Final answer:
To assess the validity of a tire's advertised lifespan using statistical hypothesis testing, one compares the sample mean against the claimed population mean. If the calculated p-value is below the alpha level of 0.05, one would reject the null hypothesis and consider the evidence sufficient to dispute the claim. Since specific p-value and t-statistic are not provided, a conclusive decision cannot be reached.
Step-by-step explanation:
The tire manufacturer's claim that their deluxe tire averages at least 50,000 miles before needing replacement can be tested using a statistical hypothesis test, specifically a one-sample t-test because we compare a sample mean to a population mean with a known standard deviation. To test such a claim at an alpha level of 0.05, we must state our null hypothesis (H0) as the tire life being equal to or greater than 50,000 miles, and our alternative hypothesis (Ha) as the tire life being less than 50,000 miles.

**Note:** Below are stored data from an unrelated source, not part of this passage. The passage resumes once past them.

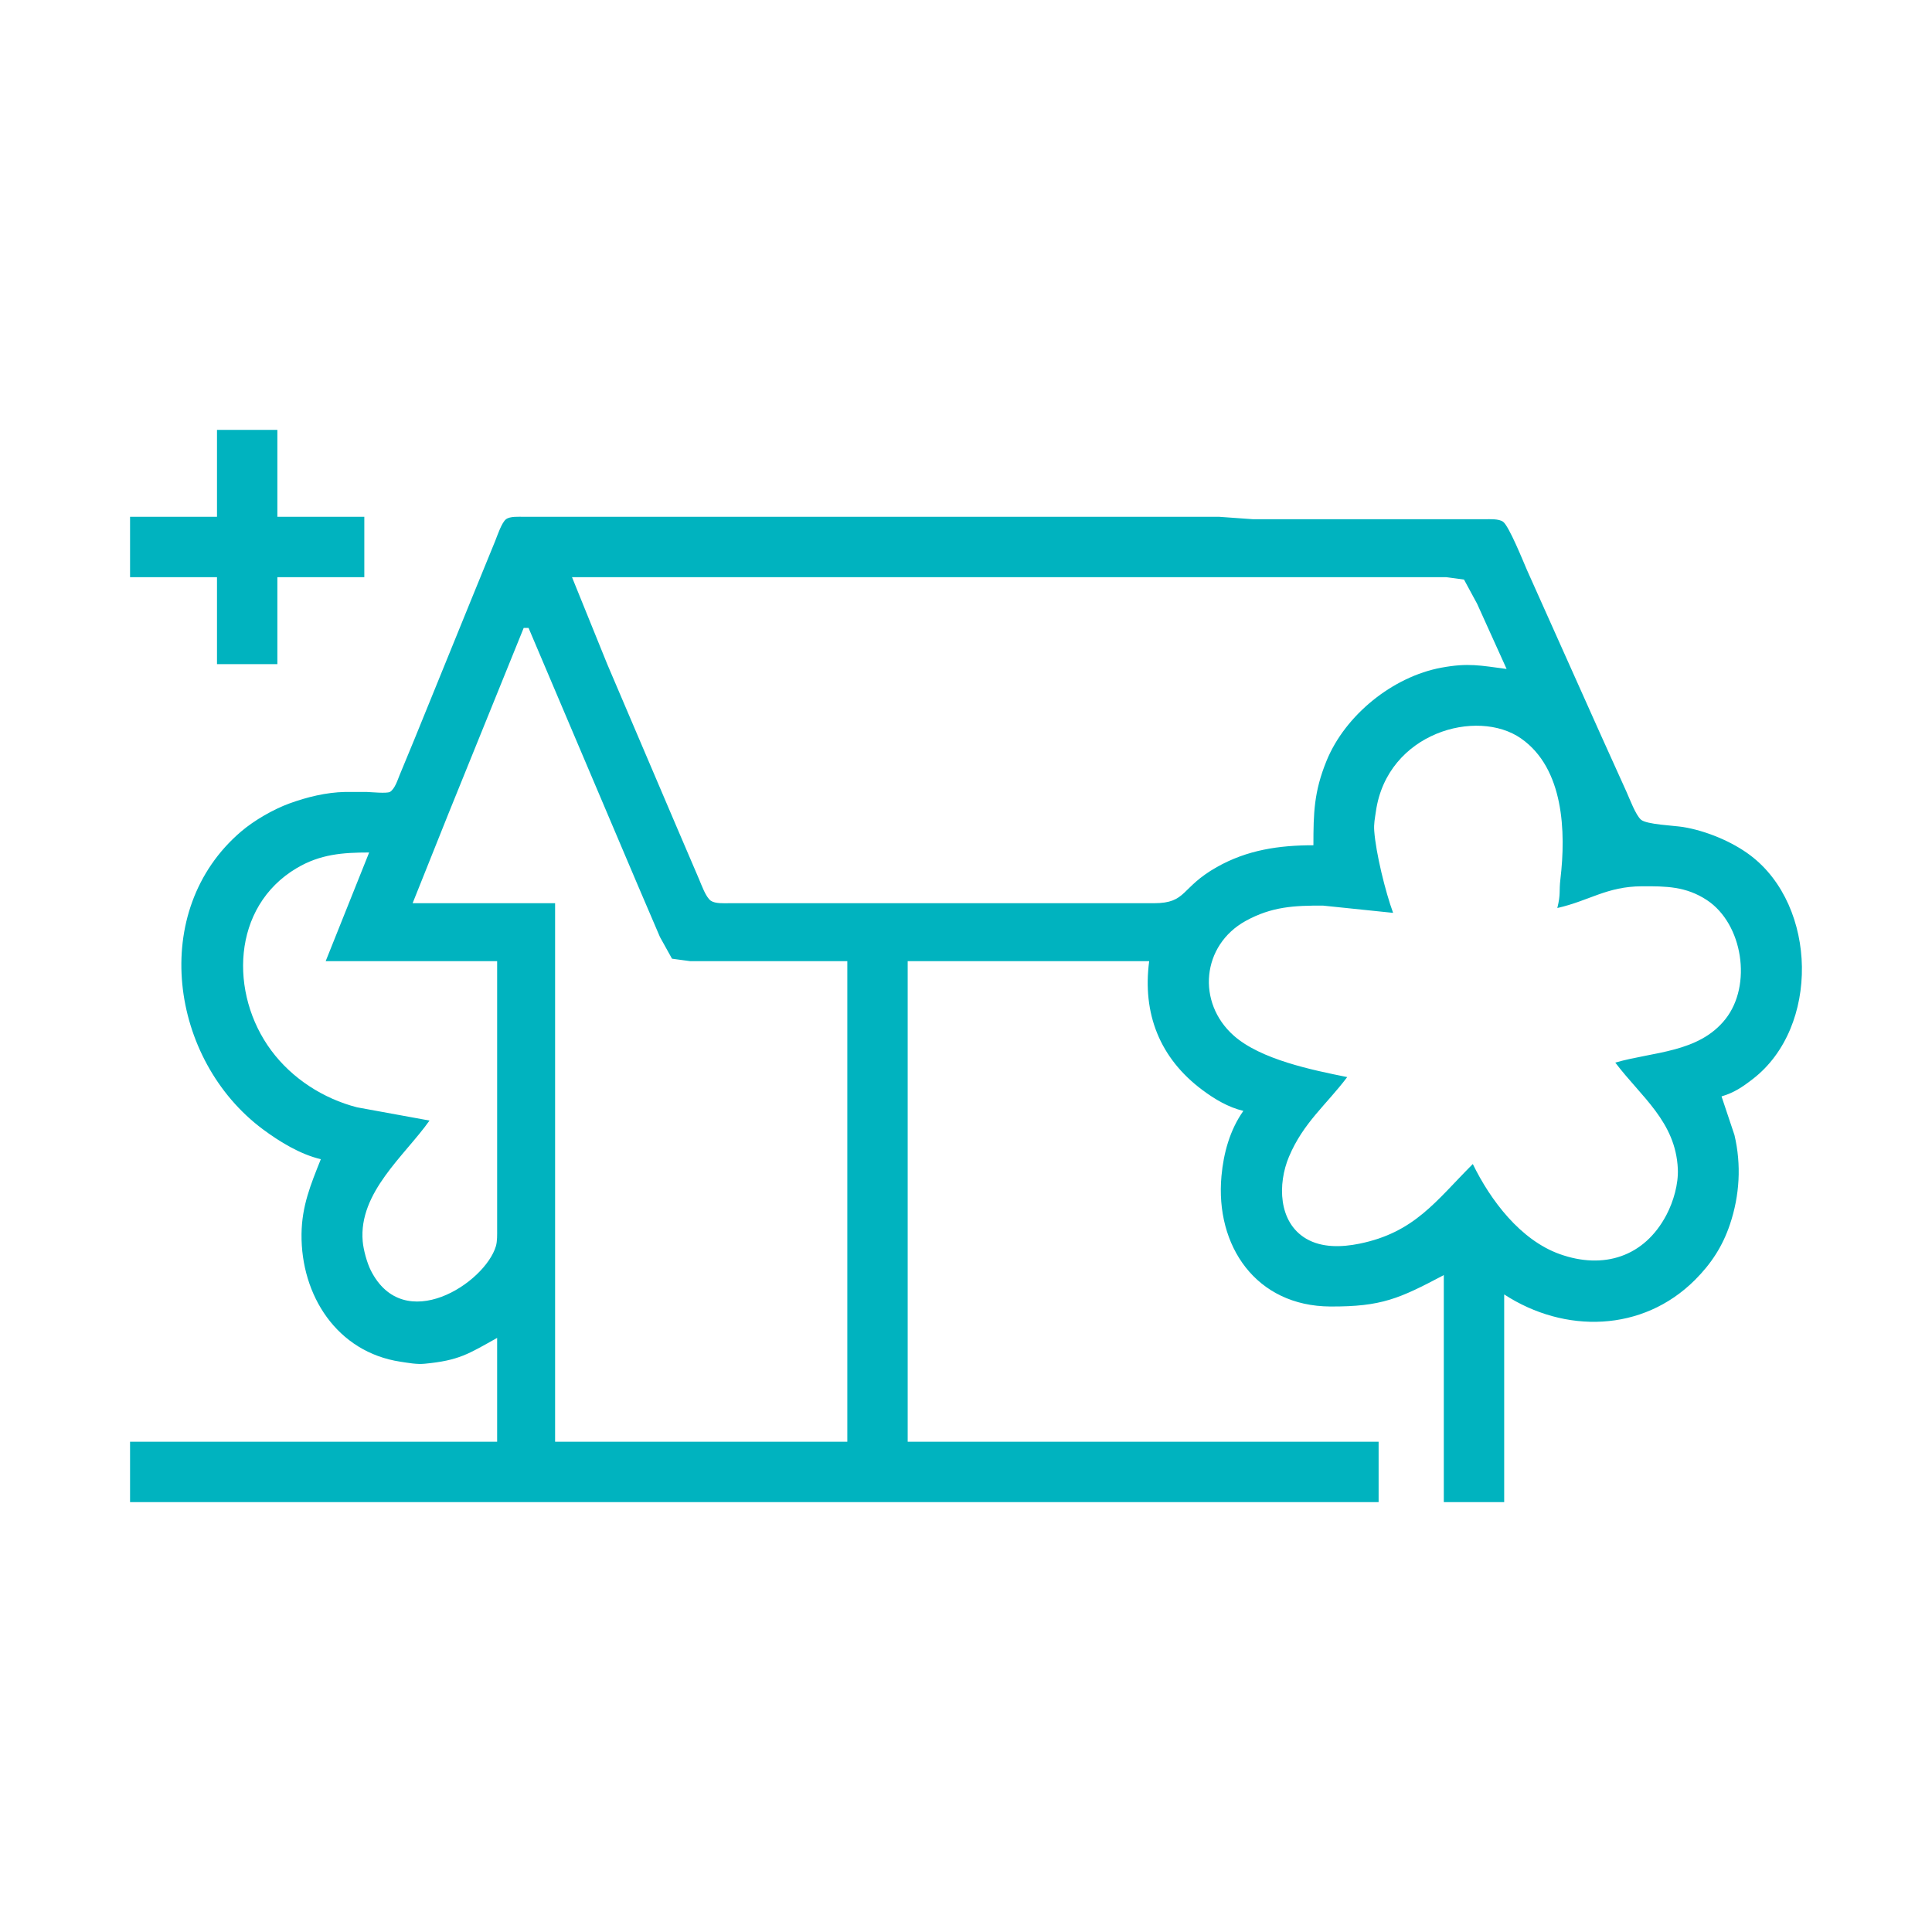 <?xml version="1.0" encoding="UTF-8" standalone="no"?>

<svg
   viewBox="0 0 211.667 211.667"
   version="1.1"
   id="svg827"
   xmlns="http://www.w3.org/2000/svg"
   xmlns:svg="http://www.w3.org/2000/svg">
  <defs
     id="defs824" />
  <g
     id="layer1"
     style="fill:#00b3bf;fill-opacity:1">
    <path
       id="Auswahl"
       fill="none"
       stroke="#000000"
       stroke-width="1"
       d="m 23.774,47.096 c 0,0 6.615,0 6.615,0 0,0 0,9.525 0,9.525 0,0 9.525,0 9.525,0 0,0 0,6.615 0,6.615 0,0 -9.525,0 -9.525,0 0,0 0,9.525 0,9.525 0,0 -6.615,0 -6.615,0 0,0 0,-9.525 0,-9.525 0,0 -9.525,0 -9.525,0 0,0 0,-6.615 0,-6.615 0,0 9.525,0 9.525,0 0,0 0,-9.525 0,-9.525 z M 35.151,127 c -2.246,-0.527 -4.511,-1.908 -6.35,-3.276 -10.189,-7.583 -12.56,-23.947 -2.381,-32.628 1.423,-1.214 3.527,-2.429 5.292,-3.072 1.921,-0.699 4.032,-1.217 6.085,-1.257 0,0 2.381,0 2.381,0 0.558,0.019 2.138,0.18 2.537,0 0.537,-0.323 0.839,-1.291 1.061,-1.836 0,0 1.64,-3.969 1.64,-3.969 0,0 6.35,-15.61 6.35,-15.61 0,0 2.487,-6.085 2.487,-6.085 0.233,-0.585 0.714,-2.032 1.191,-2.384 0.445,-0.331 1.386,-0.262 1.931,-0.262 0,0 48.683,0 48.683,0 0,0 27.517,0 27.517,0 0,0 3.704,0.265 3.704,0.265 0,0 25.4,0 25.4,0 0.577,0 1.503,-0.061 1.987,0.27 0.643,0.442 2.212,4.342 2.622,5.286 0,0 8.054,17.992 8.054,17.992 0,0 2.868,6.35 2.868,6.35 0.341,0.762 0.992,2.506 1.569,3.016 0.609,0.537 3.619,0.646 4.596,0.804 2.503,0.405 5.39,1.59 7.408,3.122 7.326,5.551 7.601,18.804 0.265,24.479 -1.127,0.873 -2.064,1.513 -3.44,1.916 0,0 1.416,4.233 1.416,4.233 0.77,3.257 0.572,6.623 -0.495,9.79 -0.807,2.4 -2.045,4.299 -3.831,6.085 -5.734,5.731 -14.274,5.9 -20.902,1.587 0,0 0,22.754 0,22.754 0,0 -6.615,0 -6.615,0 0,0 0,-24.871 0,-24.871 -4.889,2.582 -6.818,3.466 -12.435,3.44 -8.136,-0.04 -12.623,-6.636 -11.925,-14.287 0.228,-2.519 0.923,-5.059 2.4,-7.144 -1.643,-0.389 -3.151,-1.286 -4.498,-2.294 -4.686,-3.498 -6.575,-8.393 -5.821,-14.11 0,0 -26.458,0 -26.458,0 0,0 0,52.652 0,52.652 0,0 51.594,0 51.594,0 0,0 0,6.615 0,6.615 0,0 -136.79,0 -136.79,0 0,0 0,-6.615 0,-6.615 0,0 40.217,0 40.217,0 0,0 0,-11.377 0,-11.377 -3.172,1.773 -4.175,2.471 -7.938,2.831 -0.884,0.085 -1.773,-0.09 -2.646,-0.22 -6.977,-1.053 -10.922,-7.284 -10.848,-13.989 0.037,-3.082 0.997,-5.405 2.117,-8.202 z M 165.062,73.29 c 0,0 -3.233,-7.144 -3.233,-7.144 0,0 -1.434,-2.648 -1.434,-2.648 0,0 -1.947,-0.262 -1.947,-0.262 0,0 -23.019,0 -23.019,0 0,0 -72.76,0 -72.76,0 0,0 3.858,9.525 3.858,9.525 0,0 7.673,17.992 7.673,17.992 0,0 2.381,5.556 2.381,5.556 0.27,0.632 0.749,1.998 1.299,2.376 0.484,0.331 1.41,0.27 1.987,0.27 0,0 46.567,0 46.567,0 3.633,-0.008 2.868,-1.693 6.879,-3.958 3.339,-1.886 6.826,-2.392 10.583,-2.392 0,-3.553 0.061,-5.876 1.442,-9.26 2.048,-5.011 7.255,-9.213 12.581,-10.197 2.937,-0.542 4.268,-0.235 7.144,0.143 z M 57.905,68.792 c 0,0 -0.529,0 -0.529,0 0,0 -8.255,20.373 -8.255,20.373 0,0 -3.916,9.79 -3.916,9.79 0,0 15.61,0 15.61,0 0,0 0,59.002 0,59.002 0,0 32.015,0 32.015,0 0,0 0,-52.652 0,-52.652 0,0 -17.198,0 -17.198,0 0,0 -2.008,-0.27 -2.008,-0.27 0,0 -1.32,-2.376 -1.32,-2.376 0,0 -2.492,-5.821 -2.492,-5.821 0,0 -11.906,-28.046 -11.906,-28.046 z M 170.618,99.483 c 0.392,-1.609 0.169,-1.744 0.339,-3.175 0.611,-5.151 0.392,-12.11 -4.307,-15.399 -4.813,-3.368 -14.671,-0.643 -15.909,7.99 -0.108,0.765 -0.238,1.331 -0.183,2.117 0.175,2.432 1.225,6.702 2.069,8.996 0,0 -7.673,-0.794 -7.673,-0.794 -3.149,-0.016 -5.622,0.106 -8.467,1.67 -4.837,2.664 -5.408,8.943 -1.323,12.57 2.955,2.622 8.594,3.773 12.435,4.546 -2.326,3.077 -4.81,4.995 -6.384,8.731 -1.236,2.94 -1.199,7.162 1.886,8.975 1.738,1.019 3.918,0.934 5.821,0.55 6.064,-1.23 8.385,-4.68 12.435,-8.731 1.942,3.982 5.218,8.329 9.525,9.869 4.781,1.709 9.274,0.318 11.7,-4.313 0.762,-1.455 1.312,-3.371 1.238,-5.027 -0.238,-5.17 -4.006,-7.877 -6.853,-11.642 4.17,-1.206 9.139,-1.066 12.068,-4.763 2.947,-3.72 1.908,-10.427 -2.013,-13.028 -2.305,-1.527 -4.516,-1.537 -7.144,-1.524 -3.852,0.019 -5.723,1.574 -9.26,2.381 z M 40.443,93.398 c -2.9,0 -5.358,0.183 -7.938,1.712 -7.144,4.236 -7.392,13.785 -2.783,19.984 2.278,3.067 5.694,5.271 9.398,6.223 0,0 7.938,1.45 7.938,1.45 -2.717,3.844 -7.787,7.871 -7.321,13.229 0.079,0.923 0.466,2.347 0.881,3.175 3.625,7.218 12.52,1.397 13.713,-2.646 0.159,-0.54 0.135,-1.286 0.135,-1.852 0,0 0,-29.369 0,-29.369 0,0 -18.785,0 -18.785,0 0,0 4.763,-11.906 4.763,-11.906 z"
       style="fill:#00b3bf;fill-opacity:1;stroke:none" />
  </g>
</svg>

From the data provided, the sample mean tire life is 46,500 miles with a sample standard deviation of 9,800 miles from a sample size of 28 tires. The known population standard deviation is not taken into account because the sample standard deviation is used for calculation in this instance. Using these figures, we calculate a t-statistic and compare it to a t-distribution with 27 degrees of freedom to find the p-value.
If the calculated p-value is less than 0.05, we reject the null hypothesis and conclude that there is enough evidence to support the claim that the average tire life is less than 50,000 miles. In this scenario, given the provided summary statistics, there would be sufficient statistical evidence to reject the null hypothesis at the 0.05 alpha level, suggesting that the claim of the average life of tires being at least 50,000 miles is likely false. However, the exact p-value and t-statistic are not provided and therefore an exact conclusion cannot be made from the information given.